▸ WHAT YOU HAVE TO DO: Whenever a line in the data holds the string "outdoors", copy that line.
==========
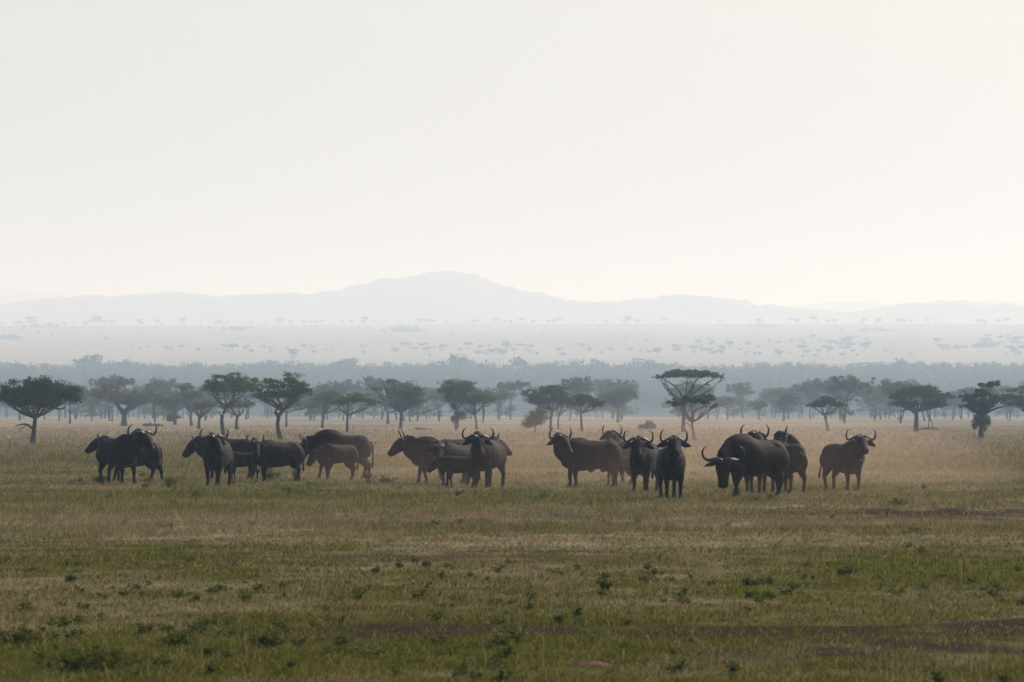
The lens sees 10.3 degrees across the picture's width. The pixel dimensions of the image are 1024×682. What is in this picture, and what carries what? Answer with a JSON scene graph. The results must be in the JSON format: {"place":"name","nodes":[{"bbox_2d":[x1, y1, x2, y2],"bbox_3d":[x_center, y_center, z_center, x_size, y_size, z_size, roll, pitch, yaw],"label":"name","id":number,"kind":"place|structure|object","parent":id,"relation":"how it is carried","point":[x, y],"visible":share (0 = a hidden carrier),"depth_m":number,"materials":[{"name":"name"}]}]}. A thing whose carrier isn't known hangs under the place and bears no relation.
{"place":"outdoors","nodes":[
{"label":"outdoors","id":0,"kind":"place"},
{"bbox_2d":[0,324,1023,681],"bbox_3d":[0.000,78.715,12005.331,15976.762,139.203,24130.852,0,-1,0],"label":"ground","id":1,"kind":"structure","parent":0,"point":[70,344],"depth_m":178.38,"materials":[{"name":"plant"}]},
{"bbox_2d":[0,624,48,644],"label":"weed plant","id":2,"kind":"object","parent":1,"relation":"on","point":[20,634],"visible":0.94,"depth_m":59.72,"materials":[{"name":"green plant"}]},
{"bbox_2d":[0,375,85,443],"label":"acacia tree","id":3,"kind":"object","parent":1,"relation":"on","point":[29,393],"visible":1,"depth_m":391.44,"materials":[{"name":"green plant"}]},
{"bbox_2d":[65,384,97,418],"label":"acacia tree","id":4,"kind":"object","parent":1,"relation":"on","point":[74,408],"visible":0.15,"depth_m":1251.57,"materials":[{"name":"green plant"}]},
{"bbox_2d":[64,385,100,423],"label":"acacia tree","id":5,"kind":"object","parent":1,"relation":"on","point":[88,392],"visible":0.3,"depth_m":910.50,"materials":[{"name":"green plant"}]},
{"bbox_2d":[73,353,102,364],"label":"woodland tree","id":6,"kind":"object","parent":1,"relation":"on","point":[93,359],"visible":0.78,"depth_m":3419.64,"materials":[{"name":"grey plant"}]},
{"bbox_2d":[78,396,102,420],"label":"acacia tree","id":7,"kind":"object","parent":1,"relation":"on","point":[93,402],"visible":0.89,"depth_m":1097.75,"materials":[{"name":"green plant"}]},
{"bbox_2d":[57,639,148,670],"bbox_3d":[-3.879,2.966,53.742,0.891,0.300,0.920,0,-1,0],"label":"weed plant","id":8,"kind":"object","parent":1,"relation":"on","point":[111,659],"visible":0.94,"depth_m":53.63,"materials":[{"name":"green plant"}]},
{"bbox_2d":[88,374,119,418],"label":"acacia tree","id":9,"kind":"object","parent":1,"relation":"on","point":[95,381],"visible":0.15,"depth_m":1303.16,"materials":[{"name":"green plant"}]},
{"bbox_2d":[84,393,123,420],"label":"acacia tree","id":10,"kind":"object","parent":1,"relation":"on","point":[104,400],"visible":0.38,"depth_m":1100.73,"materials":[{"name":"green plant"}]},
{"bbox_2d":[96,376,136,420],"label":"acacia tree","id":11,"kind":"object","parent":1,"relation":"on","point":[120,382],"visible":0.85,"depth_m":1074.23,"materials":[{"name":"green plant"}]},
{"bbox_2d":[85,434,163,481],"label":"buffalo","id":12,"kind":"object","parent":1,"relation":"on","point":[150,460],"visible":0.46,"depth_m":194.39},
{"bbox_2d":[92,384,157,425],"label":"acacia tree","id":13,"kind":"object","parent":1,"relation":"on","point":[132,401],"visible":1,"depth_m":783.42,"materials":[{"name":"green plant"}]},
{"bbox_2d":[96,424,156,483],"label":"buffalo","id":14,"kind":"object","parent":1,"relation":"on","point":[122,452],"visible":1,"depth_m":187.12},
{"bbox_2d":[139,383,161,421],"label":"acacia tree","id":15,"kind":"object","parent":1,"relation":"on","point":[152,387],"visible":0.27,"depth_m":996.84,"materials":[{"name":"green plant"}]},
{"bbox_2d":[145,377,180,419],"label":"acacia tree","id":16,"kind":"object","parent":1,"relation":"on","point":[168,385],"visible":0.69,"depth_m":1197.32,"materials":[{"name":"green plant"}]},
{"bbox_2d":[152,388,180,421],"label":"acacia tree","id":17,"kind":"object","parent":1,"relation":"on","point":[169,393],"visible":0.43,"depth_m":1051.23,"materials":[{"name":"green plant"}]},
{"bbox_2d":[145,391,193,424],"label":"acacia tree","id":18,"kind":"object","parent":1,"relation":"on","point":[162,399],"visible":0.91,"depth_m":859.18,"materials":[{"name":"green plant"}]},
{"bbox_2d":[159,630,196,645],"bbox_3d":[-3.476,3.095,59.231,0.403,0.188,0.404,0,-1,0],"label":"weed plant","id":19,"kind":"object","parent":1,"relation":"on","point":[182,638],"visible":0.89,"depth_m":59.18,"materials":[{"name":"green plant"}]},
{"bbox_2d":[175,382,203,425],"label":"acacia tree","id":20,"kind":"object","parent":1,"relation":"on","point":[184,388],"visible":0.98,"depth_m":807.79,"materials":[{"name":"green plant"}]},
{"bbox_2d":[186,400,218,428],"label":"acacia tree","id":21,"kind":"object","parent":1,"relation":"on","point":[199,405],"visible":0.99,"depth_m":683.15,"materials":[{"name":"green plant"}]},
{"bbox_2d":[196,379,227,420],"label":"acacia tree","id":22,"kind":"object","parent":1,"relation":"on","point":[208,396],"visible":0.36,"depth_m":1122.77,"materials":[{"name":"green plant"}]},
{"bbox_2d":[199,428,233,485],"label":"buffalo","id":23,"kind":"object","parent":1,"relation":"on","point":[218,455],"visible":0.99,"depth_m":183.09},
{"bbox_2d":[182,435,257,478],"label":"buffalo","id":24,"kind":"object","parent":1,"relation":"on","point":[192,446],"visible":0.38,"depth_m":198.80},
{"bbox_2d":[196,372,266,435],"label":"acacia tree","id":25,"kind":"object","parent":1,"relation":"on","point":[233,385],"visible":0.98,"depth_m":522.25,"materials":[{"name":"green plant"}]},
{"bbox_2d":[218,397,255,429],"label":"acacia tree","id":26,"kind":"object","parent":1,"relation":"on","point":[239,403],"visible":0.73,"depth_m":649.69,"materials":[{"name":"green plant"}]},
{"bbox_2d":[231,452,259,479],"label":"buffalo calf","id":27,"kind":"object","parent":1,"relation":"on","point":[243,459],"visible":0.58,"depth_m":195.86},
{"bbox_2d":[244,628,290,647],"bbox_3d":[-2.535,3.082,58.957,0.490,0.211,0.426,0,-1,0],"label":"weed plant","id":28,"kind":"object","parent":1,"relation":"on","point":[273,639],"visible":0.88,"depth_m":58.93,"materials":[{"name":"green plant"}]},
{"bbox_2d":[242,434,304,480],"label":"buffalo","id":29,"kind":"object","parent":1,"relation":"on","point":[265,455],"visible":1,"depth_m":191.48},
{"bbox_2d":[249,371,312,439],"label":"acacia tree","id":30,"kind":"object","parent":1,"relation":"on","point":[294,384],"visible":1,"depth_m":444.03,"materials":[{"name":"green plant"}]},
{"bbox_2d":[273,398,321,426],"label":"acacia tree","id":31,"kind":"object","parent":1,"relation":"on","point":[298,403],"visible":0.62,"depth_m":761.57,"materials":[{"name":"green plant"}]},
{"bbox_2d":[294,387,324,420],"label":"acacia tree","id":32,"kind":"object","parent":1,"relation":"on","point":[313,411],"visible":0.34,"depth_m":1101.93,"materials":[{"name":"green plant"}]},
{"bbox_2d":[309,389,341,427],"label":"acacia tree","id":33,"kind":"object","parent":1,"relation":"on","point":[322,397],"visible":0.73,"depth_m":720.56,"materials":[{"name":"green plant"}]},
{"bbox_2d":[314,381,344,419],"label":"acacia tree","id":34,"kind":"object","parent":1,"relation":"on","point":[329,387],"visible":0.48,"depth_m":1219.93,"materials":[{"name":"green plant"}]},
{"bbox_2d":[306,443,358,479],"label":"buffalo calf","id":35,"kind":"object","parent":1,"relation":"on","point":[328,455],"visible":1,"depth_m":195.74},
{"bbox_2d":[299,429,373,478],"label":"buffalo","id":36,"kind":"object","parent":1,"relation":"on","point":[362,445],"visible":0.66,"depth_m":200.20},
{"bbox_2d":[331,357,357,365],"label":"woodland tree","id":37,"kind":"object","parent":1,"relation":"on","point":[349,361],"visible":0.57,"depth_m":3420.05,"materials":[{"name":"grey plant"}]},
{"bbox_2d":[334,379,367,418],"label":"acacia tree","id":38,"kind":"object","parent":1,"relation":"on","point":[353,387],"visible":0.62,"depth_m":1301.70,"materials":[{"name":"green plant"}]},
{"bbox_2d":[326,392,380,431],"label":"acacia tree","id":39,"kind":"object","parent":1,"relation":"on","point":[356,397],"visible":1,"depth_m":592.13,"materials":[{"name":"green plant"}]},
{"bbox_2d":[361,375,393,419],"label":"acacia tree","id":40,"kind":"object","parent":1,"relation":"on","point":[369,382],"visible":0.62,"depth_m":1196.31,"materials":[{"name":"green plant"}]},
{"bbox_2d":[373,393,407,423],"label":"acacia tree","id":41,"kind":"object","parent":1,"relation":"on","point":[383,402],"visible":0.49,"depth_m":918.62,"materials":[{"name":"green plant"}]},
{"bbox_2d":[370,378,427,428],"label":"acacia tree","id":42,"kind":"object","parent":1,"relation":"on","point":[409,398],"visible":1,"depth_m":683.06,"materials":[{"name":"green plant"}]},
{"bbox_2d":[379,324,425,331],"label":"thicket","id":43,"kind":"object","parent":1,"relation":"on","point":[401,328],"visible":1,"depth_m":7378.28,"materials":[{"name":"grey plant"}]},
{"bbox_2d":[392,392,433,420],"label":"acacia tree","id":44,"kind":"object","parent":1,"relation":"on","point":[417,409],"visible":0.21,"depth_m":1113.15,"materials":[{"name":"green plant"}]},
{"bbox_2d":[387,429,466,483],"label":"buffalo","id":45,"kind":"object","parent":1,"relation":"on","point":[413,448],"visible":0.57,"depth_m":190.22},
{"bbox_2d":[422,391,447,421],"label":"acacia tree","id":46,"kind":"object","parent":1,"relation":"on","point":[436,397],"visible":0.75,"depth_m":1044.22,"materials":[{"name":"green plant"}]},
{"bbox_2d":[425,438,478,485],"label":"buffalo","id":47,"kind":"object","parent":1,"relation":"on","point":[439,449],"visible":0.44,"depth_m":184.61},
{"bbox_2d":[427,456,479,487],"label":"buffalo calf","id":48,"kind":"object","parent":1,"relation":"on","point":[450,465],"visible":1,"depth_m":181.22},
{"bbox_2d":[436,379,475,429],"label":"acacia tree","id":49,"kind":"object","parent":1,"relation":"on","point":[450,396],"visible":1,"depth_m":650.04,"materials":[{"name":"green plant"}]},
{"bbox_2d":[437,433,512,479],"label":"buffalo","id":50,"kind":"object","parent":1,"relation":"on","point":[508,451],"visible":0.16,"depth_m":197.41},
{"bbox_2d":[460,390,495,429],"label":"acacia tree","id":51,"kind":"object","parent":1,"relation":"on","point":[484,398],"visible":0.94,"depth_m":666.14,"materials":[{"name":"green plant"}]},
{"bbox_2d":[462,427,506,487],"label":"buffalo","id":52,"kind":"object","parent":1,"relation":"on","point":[487,455],"visible":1,"depth_m":180.66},
{"bbox_2d":[471,389,506,422],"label":"acacia tree","id":53,"kind":"object","parent":1,"relation":"on","point":[502,396],"visible":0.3,"depth_m":962.07,"materials":[{"name":"green plant"}]},
{"bbox_2d":[484,388,516,419],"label":"acacia tree","id":54,"kind":"object","parent":1,"relation":"on","point":[508,396],"visible":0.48,"depth_m":1163.75,"materials":[{"name":"green plant"}]},
{"bbox_2d":[0,465,1023,537],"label":"grass","id":55,"kind":"structure","parent":1,"relation":"on","point":[656,504],"depth_m":143.74,"materials":[{"name":"green plant"}]},
{"bbox_2d":[0,357,1023,416],"bbox_3d":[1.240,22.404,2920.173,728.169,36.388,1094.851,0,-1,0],"label":"distant woodland","id":56,"kind":"object","parent":1,"relation":"on","point":[654,393],"visible":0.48,"depth_m":2995.80,"materials":[{"name":"plant"}]},
{"bbox_2d":[0,422,1023,468],"bbox_3d":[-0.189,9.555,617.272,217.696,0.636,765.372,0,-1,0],"label":"grass","id":57,"kind":"structure","parent":1,"relation":"on","point":[550,461],"depth_m":372.28,"materials":[{"name":"beige plant"}]},
{"bbox_2d":[0,470,1023,681],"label":"weeds","id":58,"kind":"object","parent":1,"relation":"on","point":[212,667],"visible":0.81,"depth_m":66.64,"materials":[{"name":"green plant"}]},
{"bbox_2d":[496,380,531,419],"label":"acacia tree","id":59,"kind":"object","parent":1,"relation":"on","point":[518,385],"visible":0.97,"depth_m":1215.35,"materials":[{"name":"green plant"}]},
{"bbox_2d":[520,407,549,433],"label":"acacia tree","id":60,"kind":"object","parent":1,"relation":"on","point":[537,416],"visible":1,"depth_m":567.09,"materials":[{"name":"green plant"}]},
{"bbox_2d":[520,384,572,428],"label":"acacia tree","id":61,"kind":"object","parent":1,"relation":"on","point":[535,397],"visible":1,"depth_m":666.25,"materials":[{"name":"green plant"}]},
{"bbox_2d":[552,395,572,428],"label":"acacia tree","id":62,"kind":"object","parent":1,"relation":"on","point":[554,401],"visible":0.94,"depth_m":666.50,"materials":[{"name":"green plant"}]},
{"bbox_2d":[559,375,605,414],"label":"acacia tree","id":63,"kind":"object","parent":1,"relation":"on","point":[581,385],"visible":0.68,"depth_m":1063.48,"materials":[{"name":"green plant"}]},
{"bbox_2d":[547,427,622,487],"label":"buffalo","id":64,"kind":"object","parent":1,"relation":"on","point":[574,456],"visible":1,"depth_m":181.01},
{"bbox_2d":[569,393,605,430],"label":"acacia tree","id":65,"kind":"object","parent":1,"relation":"on","point":[582,398],"visible":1,"depth_m":619.95,"materials":[{"name":"green plant"}]},
{"bbox_2d":[567,661,613,666],"bbox_3d":[0.750,3.111,54.834,0.485,0.055,0.861,0,-1,0],"label":"earth clod","id":66,"kind":"object","parent":1,"relation":"on","point":[587,663],"visible":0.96,"depth_m":54.66,"materials":[{"name":"brown soil"}]},
{"bbox_2d":[586,378,609,417],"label":"acacia tree","id":67,"kind":"object","parent":1,"relation":"on","point":[599,382],"visible":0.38,"depth_m":1454.93,"materials":[{"name":"green plant"}]},
{"bbox_2d":[595,576,613,589],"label":"weed plant","id":68,"kind":"object","parent":1,"relation":"on","point":[602,583],"visible":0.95,"depth_m":77.89,"materials":[{"name":"green plant"}]},
{"bbox_2d":[588,456,638,485],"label":"buffalo calf","id":69,"kind":"object","parent":1,"relation":"on","point":[626,464],"visible":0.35,"depth_m":184.94},
{"bbox_2d":[599,425,630,481],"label":"buffalo","id":70,"kind":"object","parent":1,"relation":"on","point":[615,436],"visible":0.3,"depth_m":193.69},
{"bbox_2d":[595,387,639,422],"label":"acacia tree","id":71,"kind":"object","parent":1,"relation":"on","point":[619,394],"visible":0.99,"depth_m":987.10,"materials":[{"name":"green plant"}]},
{"bbox_2d":[603,379,639,418],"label":"acacia tree","id":72,"kind":"object","parent":1,"relation":"on","point":[622,384],"visible":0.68,"depth_m":1342.12,"materials":[{"name":"green plant"}]},
{"bbox_2d":[612,398,640,420],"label":"acacia tree","id":73,"kind":"object","parent":1,"relation":"on","point":[623,409],"visible":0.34,"depth_m":1131.01,"materials":[{"name":"green plant"}]},
{"bbox_2d":[622,430,658,491],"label":"buffalo","id":74,"kind":"object","parent":1,"relation":"on","point":[644,451],"visible":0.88,"depth_m":170.08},
{"bbox_2d":[656,429,690,498],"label":"buffalo","id":75,"kind":"object","parent":1,"relation":"on","point":[670,462],"visible":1,"depth_m":156.99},
{"bbox_2d":[661,383,715,419],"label":"acacia tree","id":76,"kind":"object","parent":1,"relation":"on","point":[696,387],"visible":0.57,"depth_m":1079.49,"materials":[{"name":"green plant"}]},
{"bbox_2d":[652,369,725,431],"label":"acacia tree","id":77,"kind":"object","parent":1,"relation":"on","point":[688,373],"visible":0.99,"depth_m":592.26,"materials":[{"name":"green plant"}]},
{"bbox_2d":[666,393,718,440],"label":"acacia tree","id":78,"kind":"object","parent":1,"relation":"on","point":[703,399],"visible":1,"depth_m":436.88,"materials":[{"name":"green plant"}]},
{"bbox_2d":[718,396,740,419],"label":"acacia tree","id":79,"kind":"object","parent":1,"relation":"on","point":[728,401],"visible":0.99,"depth_m":1196.94,"materials":[{"name":"green plant"}]},
{"bbox_2d":[725,381,756,418],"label":"acacia tree","id":80,"kind":"object","parent":1,"relation":"on","point":[741,387],"visible":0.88,"depth_m":1351.87,"materials":[{"name":"green plant"}]},
{"bbox_2d":[701,434,789,496],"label":"buffalo","id":81,"kind":"object","parent":1,"relation":"on","point":[739,457],"visible":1,"depth_m":160.08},
{"bbox_2d":[740,424,769,492],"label":"buffalo","id":82,"kind":"object","parent":1,"relation":"on","point":[759,435],"visible":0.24,"depth_m":168.03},
{"bbox_2d":[748,400,768,419],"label":"acacia tree","id":83,"kind":"object","parent":1,"relation":"on","point":[760,405],"visible":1,"depth_m":1181.76,"materials":[{"name":"green plant"}]},
{"bbox_2d":[761,390,794,417],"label":"acacia tree","id":84,"kind":"object","parent":1,"relation":"on","point":[765,393],"visible":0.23,"depth_m":1400.62,"materials":[{"name":"green plant"}]},
{"bbox_2d":[766,386,802,418],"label":"acacia tree","id":85,"kind":"object","parent":1,"relation":"on","point":[790,391],"visible":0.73,"depth_m":1285.24,"materials":[{"name":"green plant"}]},
{"bbox_2d":[773,398,802,420],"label":"acacia tree","id":86,"kind":"object","parent":1,"relation":"on","point":[794,404],"visible":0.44,"depth_m":1121.15,"materials":[{"name":"green plant"}]},
{"bbox_2d":[777,393,799,420],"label":"acacia tree","id":87,"kind":"object","parent":1,"relation":"on","point":[783,400],"visible":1,"depth_m":1080.31,"materials":[{"name":"green plant"}]},
{"bbox_2d":[770,425,807,492],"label":"buffalo","id":88,"kind":"object","parent":1,"relation":"on","point":[798,463],"visible":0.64,"depth_m":170.12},
{"bbox_2d":[791,379,819,418],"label":"acacia tree","id":89,"kind":"object","parent":1,"relation":"on","point":[805,388],"visible":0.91,"depth_m":1287.42,"materials":[{"name":"green plant"}]},
{"bbox_2d":[804,396,846,430],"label":"acacia tree","id":90,"kind":"object","parent":1,"relation":"on","point":[821,402],"visible":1,"depth_m":605.77,"materials":[{"name":"green plant"}]},
{"bbox_2d":[809,378,849,418],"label":"acacia tree","id":91,"kind":"object","parent":1,"relation":"on","point":[818,392],"visible":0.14,"depth_m":1282.75,"materials":[{"name":"green plant"}]},
{"bbox_2d":[811,373,855,419],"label":"acacia tree","id":92,"kind":"object","parent":1,"relation":"on","point":[816,381],"visible":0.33,"depth_m":1165.67,"materials":[{"name":"green plant"}]},
{"bbox_2d":[817,375,875,422],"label":"acacia tree","id":93,"kind":"object","parent":1,"relation":"on","point":[855,382],"visible":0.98,"depth_m":934.14,"materials":[{"name":"green plant"}]},
{"bbox_2d":[818,429,875,489],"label":"buffalo","id":94,"kind":"object","parent":1,"relation":"on","point":[847,458],"visible":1,"depth_m":174.81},
{"bbox_2d":[852,385,877,417],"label":"acacia tree","id":95,"kind":"object","parent":1,"relation":"on","point":[866,405],"visible":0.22,"depth_m":1444.94,"materials":[{"name":"green plant"}]},
{"bbox_2d":[854,390,895,420],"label":"acacia tree","id":96,"kind":"object","parent":1,"relation":"on","point":[869,397],"visible":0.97,"depth_m":1130.11,"materials":[{"name":"green plant"}]},
{"bbox_2d":[878,378,914,422],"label":"acacia tree","id":97,"kind":"object","parent":1,"relation":"on","point":[886,387],"visible":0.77,"depth_m":923.61,"materials":[{"name":"green plant"}]},
{"bbox_2d":[885,384,956,431],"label":"acacia tree","id":98,"kind":"object","parent":1,"relation":"on","point":[903,395],"visible":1,"depth_m":605.50,"materials":[{"name":"green plant"}]},
{"bbox_2d":[947,398,966,419],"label":"acacia tree","id":99,"kind":"object","parent":1,"relation":"on","point":[955,402],"visible":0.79,"depth_m":1167.29,"materials":[{"name":"green plant"}]},
{"bbox_2d":[955,386,1008,416],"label":"acacia tree","id":100,"kind":"object","parent":1,"relation":"on","point":[970,390],"visible":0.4,"depth_m":1114.01,"materials":[{"name":"green plant"}]},
{"bbox_2d":[958,380,1006,437],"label":"acacia tree","id":101,"kind":"object","parent":1,"relation":"on","point":[982,405],"visible":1,"depth_m":475.78,"materials":[{"name":"green plant"}]},
{"bbox_2d":[995,390,1019,418],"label":"acacia tree","id":102,"kind":"object","parent":1,"relation":"on","point":[1006,410],"visible":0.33,"depth_m":1282.81,"materials":[{"name":"green plant"}]},
{"bbox_2d":[1000,384,1023,411],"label":"acacia tree","id":103,"kind":"object","parent":1,"relation":"on","point":[1018,401],"visible":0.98,"depth_m":579.59,"materials":[{"name":"green plant"}]},
{"bbox_2d":[0,271,1023,325],"bbox_3d":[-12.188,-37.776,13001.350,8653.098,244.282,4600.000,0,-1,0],"label":"hills","id":104,"kind":"structure","parent":0,"point":[450,297],"depth_m":12029.77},
{"bbox_2d":[0,286,1023,312],"bbox_3d":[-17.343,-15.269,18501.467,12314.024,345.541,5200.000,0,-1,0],"label":"hills","id":105,"kind":"structure","parent":0,"point":[10,295],"depth_m":18036.33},
{"bbox_2d":[0,0,1023,306],"label":"sky","id":106,"kind":"structure","parent":0,"point":[789,153],"materials":[{"name":"white"}]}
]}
==========
▸ SOLVED PROBLEM:
{"place":"outdoors","nodes":[
{"label":"outdoors","id":0,"kind":"place"},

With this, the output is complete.